__REQUIRED ACTION__. Go to the line that contains "Options: 1, 0, 4, 2, 3". Restate that line and each one after it exactly, through the end of the records, without pictures.

__DATA FOR THIS TASK__.
- Opening Delimiter -
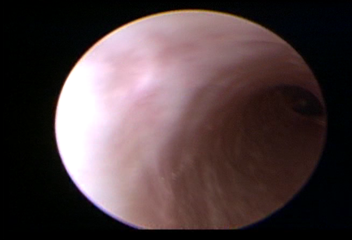
Modality: WLC
Class: Normal mucosa
Bladder cancer association: No
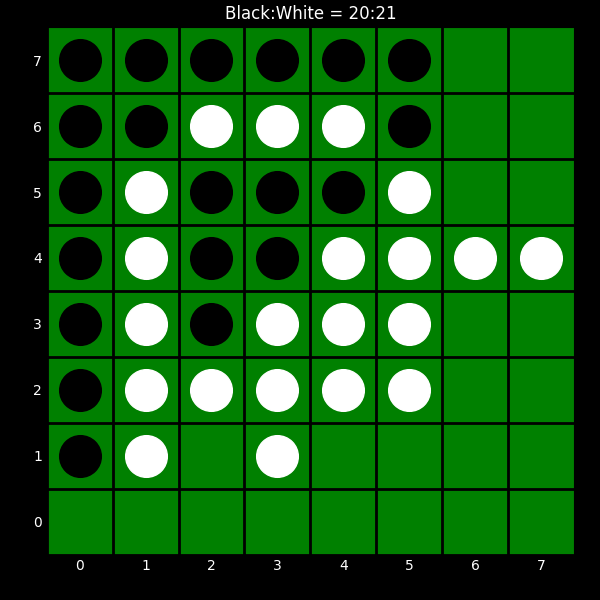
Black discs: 20
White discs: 21
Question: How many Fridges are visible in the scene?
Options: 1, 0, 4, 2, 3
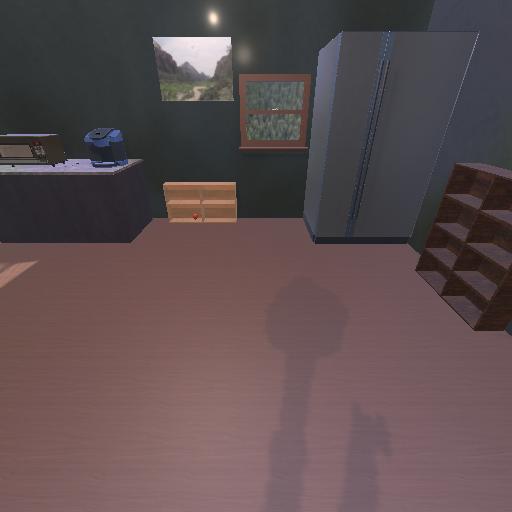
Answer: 1
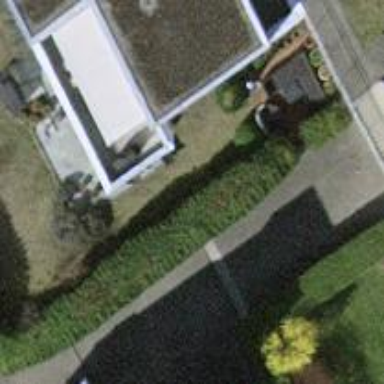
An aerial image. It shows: Building with flat roof.
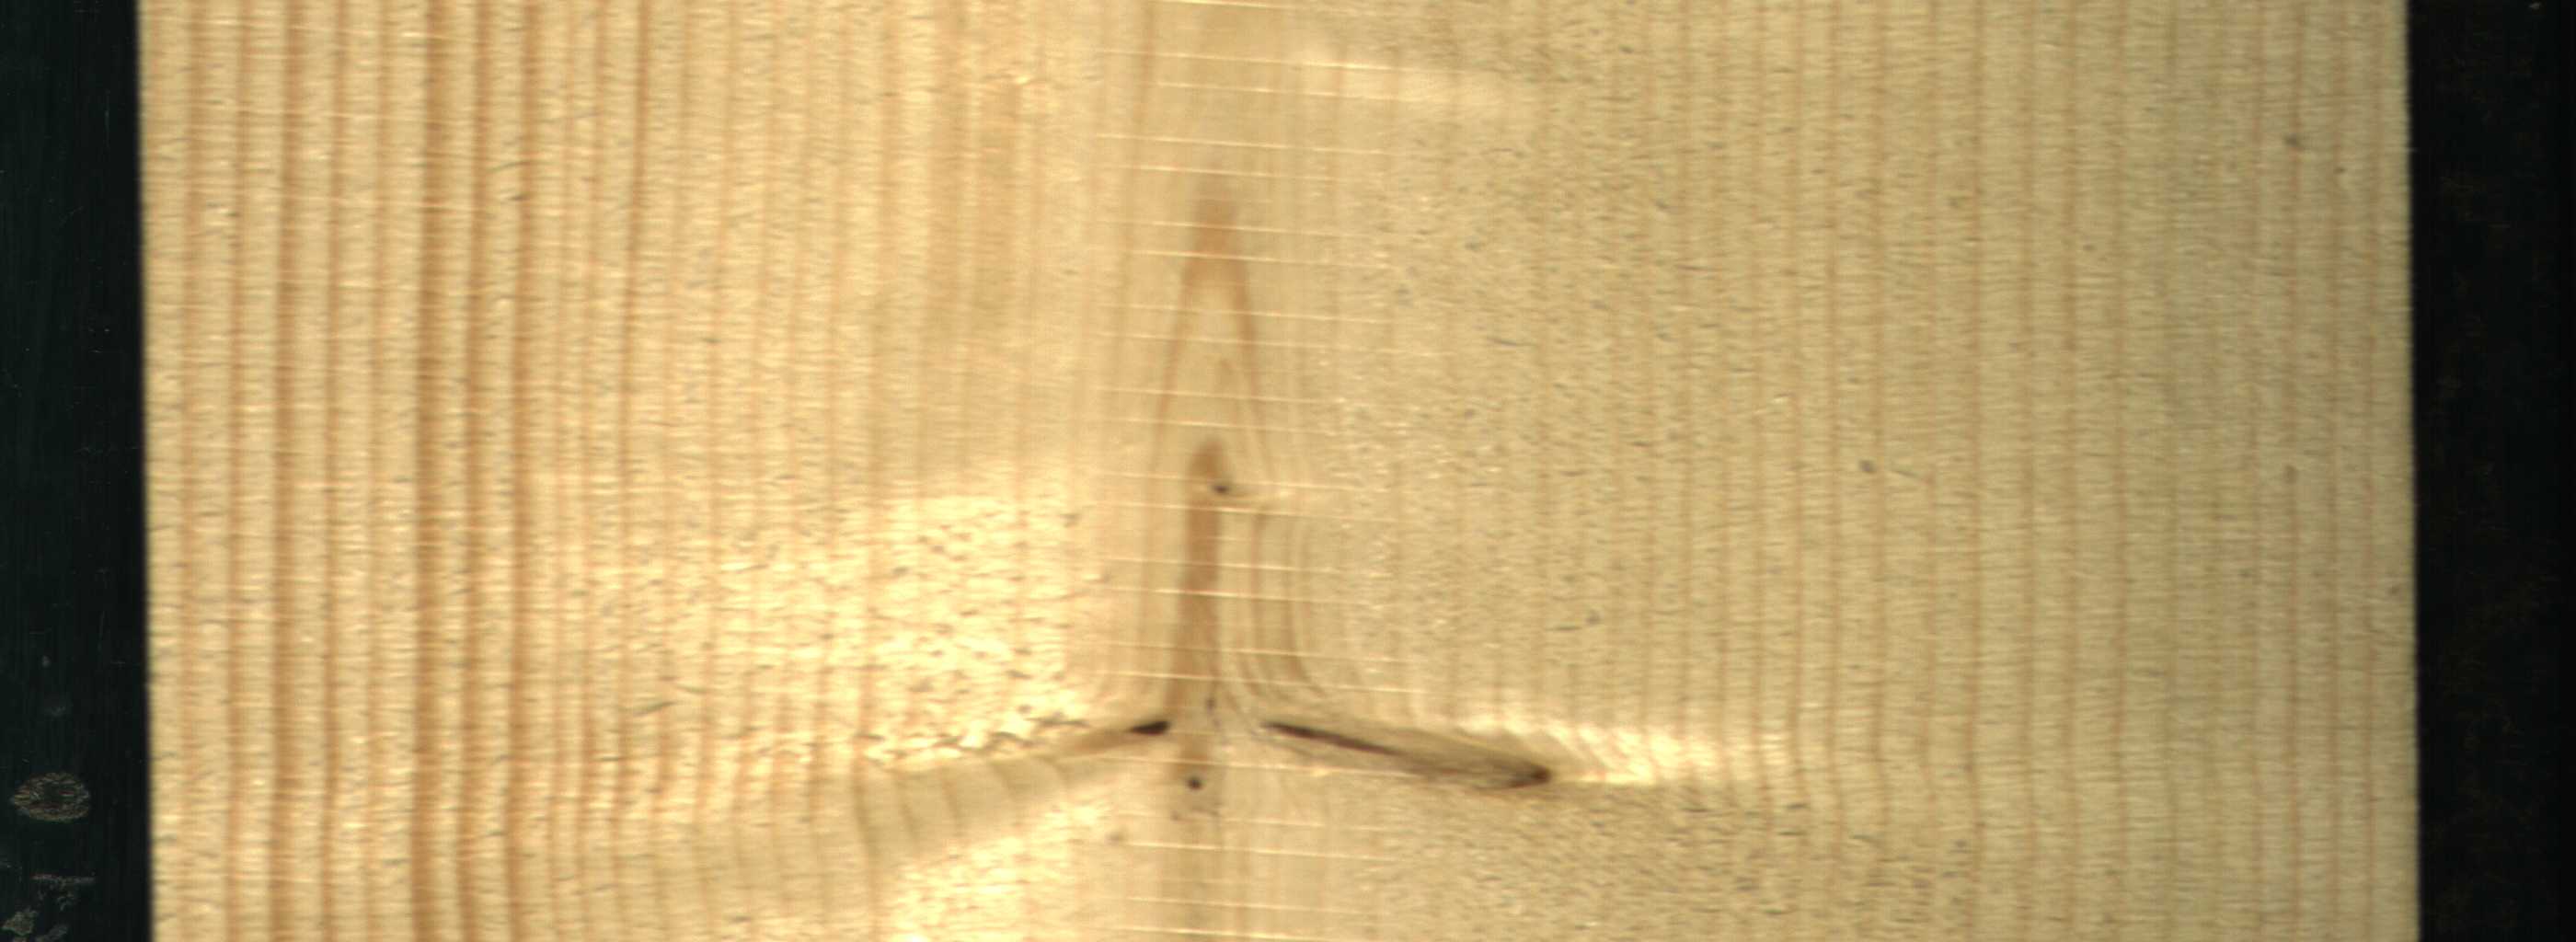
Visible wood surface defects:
Live_Knot
- Closing Delimiter -
__ANSWER BOX__.
Options: 1, 0, 4, 2, 3
Answer: 1
An aerial image. It shows: Building with flat roof.
Visible wood surface defects:
Live_Knot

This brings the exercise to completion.